[Task]
Output the entries below word for word, stopping once the line containing "The image shows 23" is done, and omit each picture.

(Stored data)
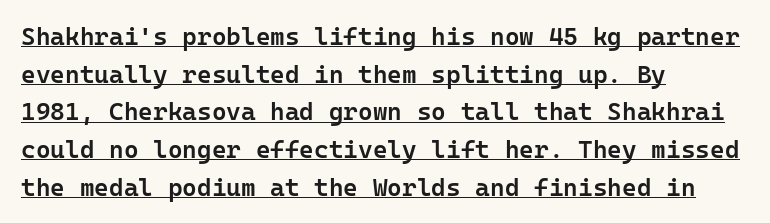
The font's upright variant was chosen for this text. A student would call this left alignment; a typographer would say flush left, rag right. Weight check: semibold — heavier than regular, not quite bold. Compared with typical body copy, the letter spacing here is the same. Horizontal bands of white between lines are of average thickness. Somebody hit Ctrl+U on this one — the words are underlined.
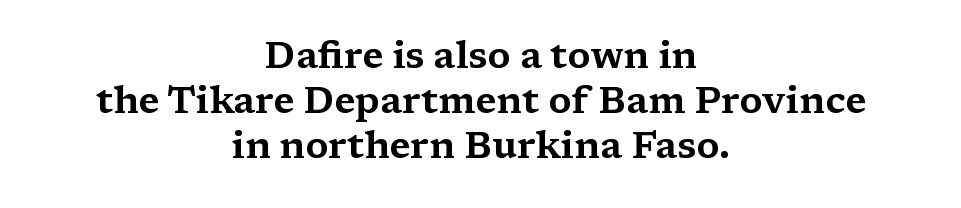
Proportional: the letters do not fall into vertical columns. Examine the stroke ends and you'll spot serifs. The face used here is rendered with its standard letterfit. Upright lettering throughout.
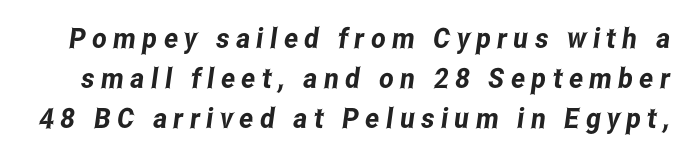
The rendering shows plain stroke endings on the letterforms — a sans-serif design. The line-height multiplier appears to be the usual default. Looks like regular typesetting: each glyph gets only the width it needs. Anything drawn beneath the words? Only blank space.
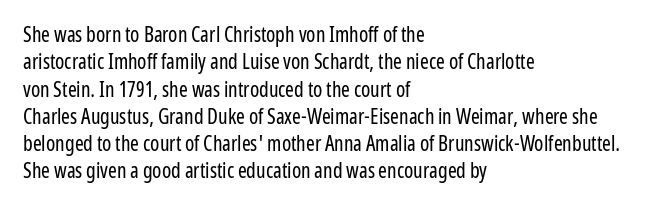
The image shows 21 px text type, upright; set left-aligned, normal line spacing (1.3x), normal letter spacing, not underlined.
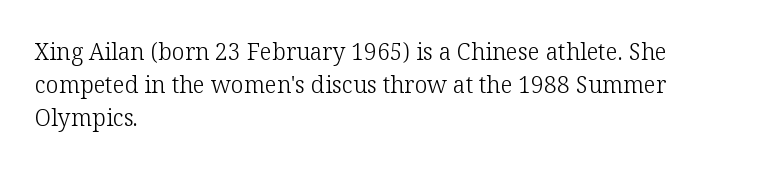
The image shows 23 px text type, upright; set left-aligned, normal line spacing (1.44x), normal letter spacing, not underlined.
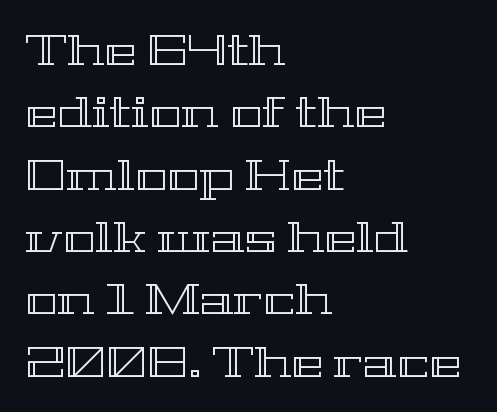
{"italic": "no", "width": "wide", "x_height": "medium", "monospaced": "no", "underline": "no", "align": "left", "line_spacing": "normal", "line_spacing_ratio": 1.45, "letter_spacing": "normal", "letter_spacing_em": 0.0, "glyph_px": 43}
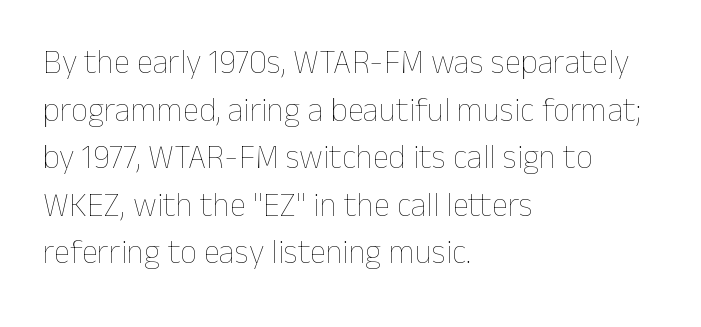
The image shows 33 px thin type, upright; set left-aligned, normal line spacing (1.44x), normal letter spacing, not underlined; low stroke contrast and a medium x-height.
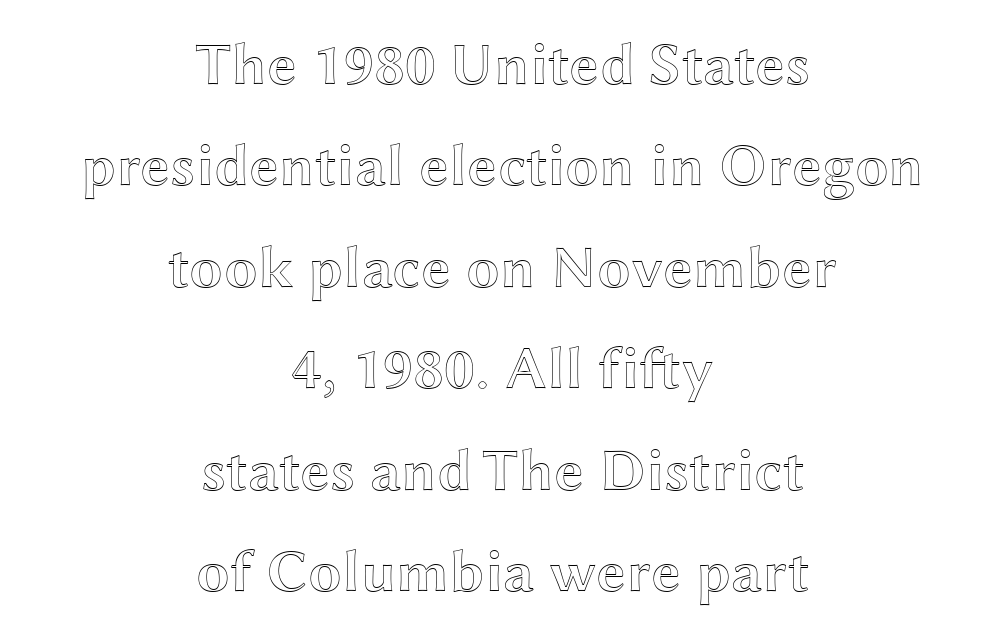
Q: Is the text italic (slanted)? A: No, it is upright.
Q: Is the text underlined? A: No.
Q: How is the paragraph aligned? A: Centered.
Q: Is the spacing between letters normal or unusually wide? A: Normal.
Q: Is the spacing between lines tight, normal or loose? A: Normal.
Q: Width (condensed, normal, or wide)? A: Wide.
Q: x-height? A: Medium.
Q: Monospaced? A: No.
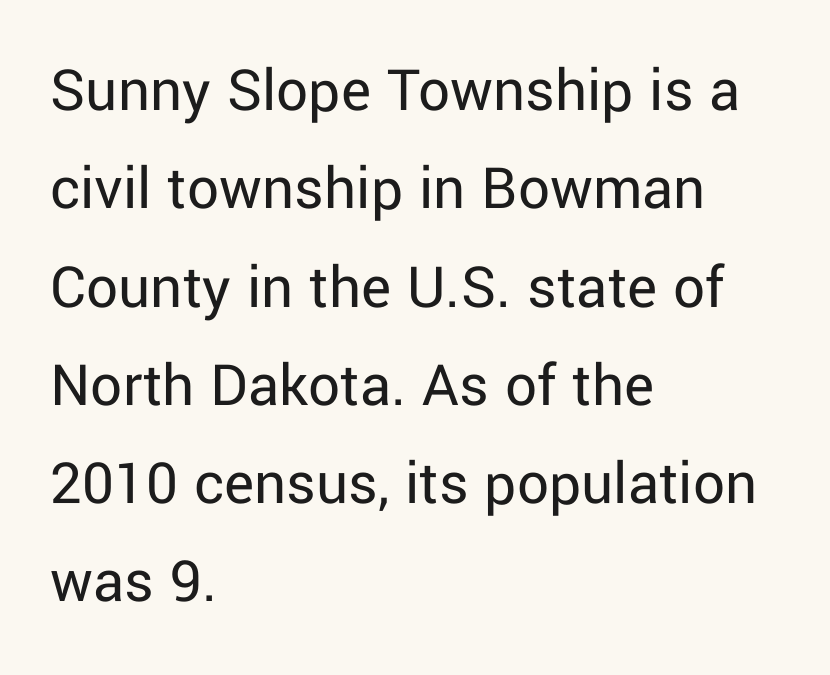
Q: Is the text bold? A: No.
Q: Is the text italic (slanted)? A: No, it is upright.
Q: Is the typeface a serif or a sans-serif typeface? A: Sans-serif.
Q: Is the text underlined? A: No.
Q: How is the paragraph aligned? A: Left-aligned.
Q: Is the spacing between letters normal or unusually wide? A: Normal.
Q: Is the spacing between lines tight, normal or loose? A: Normal.
Q: Width (condensed, normal, or wide)? A: Normal.
Q: Stroke contrast? A: Low.
Q: x-height? A: Medium.
Q: Monospaced? A: No.
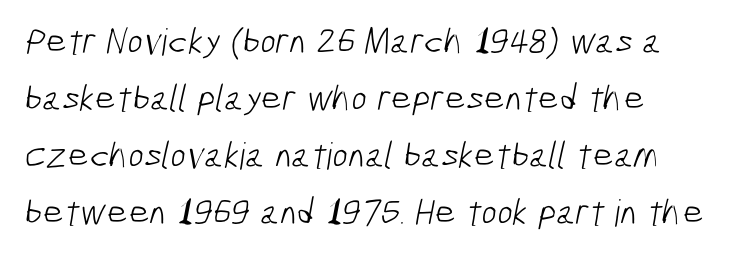
Observe the absence of serifs on each vertical stroke in this sample. No heavy texture on the line: the type isn't bold. Letter spacing: default. Underline: absent.
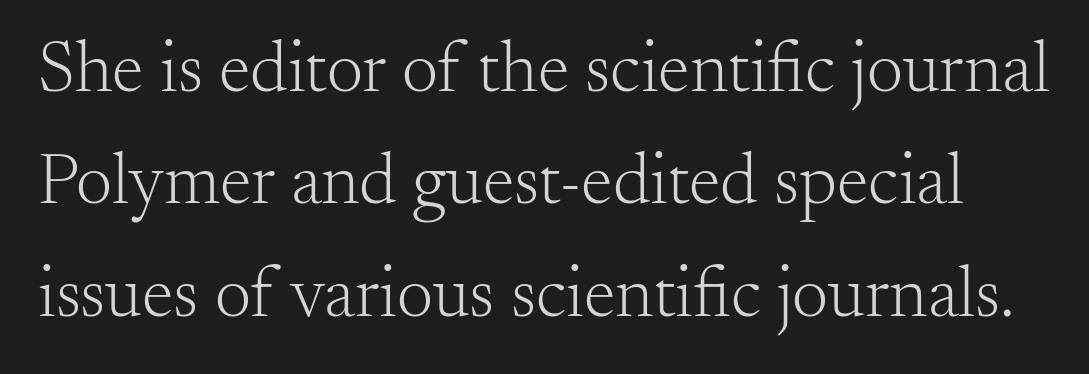
{"serif": "yes", "italic": "no", "bold": "no", "weight": "light", "width": "normal", "stroke_contrast": "medium", "x_height": "small", "monospaced": "no", "underline": "no", "line_spacing": "normal", "line_spacing_ratio": 1.56, "letter_spacing": "normal", "letter_spacing_em": 0.0, "glyph_px": 72}

[Finished task]
The font's upright variant was chosen for this text. A student would call this left alignment; a typographer would say flush left, rag right. Weight check: semibold — heavier than regular, not quite bold. Compared with typical body copy, the letter spacing here is the same. Horizontal bands of white between lines are of average thickness. Somebody hit Ctrl+U on this one — the words are underlined.
Proportional: the letters do not fall into vertical columns. Examine the stroke ends and you'll spot serifs. The face used here is rendered with its standard letterfit. Upright lettering throughout.
The rendering shows plain stroke endings on the letterforms — a sans-serif design. The line-height multiplier appears to be the usual default. Looks like regular typesetting: each glyph gets only the width it needs. Anything drawn beneath the words? Only blank space.
The image shows 21 px text type, upright; set left-aligned, normal line spacing (1.3x), normal letter spacing, not underlined.
The image shows 23 px text type, upright; set left-aligned, normal line spacing (1.44x), normal letter spacing, not underlined.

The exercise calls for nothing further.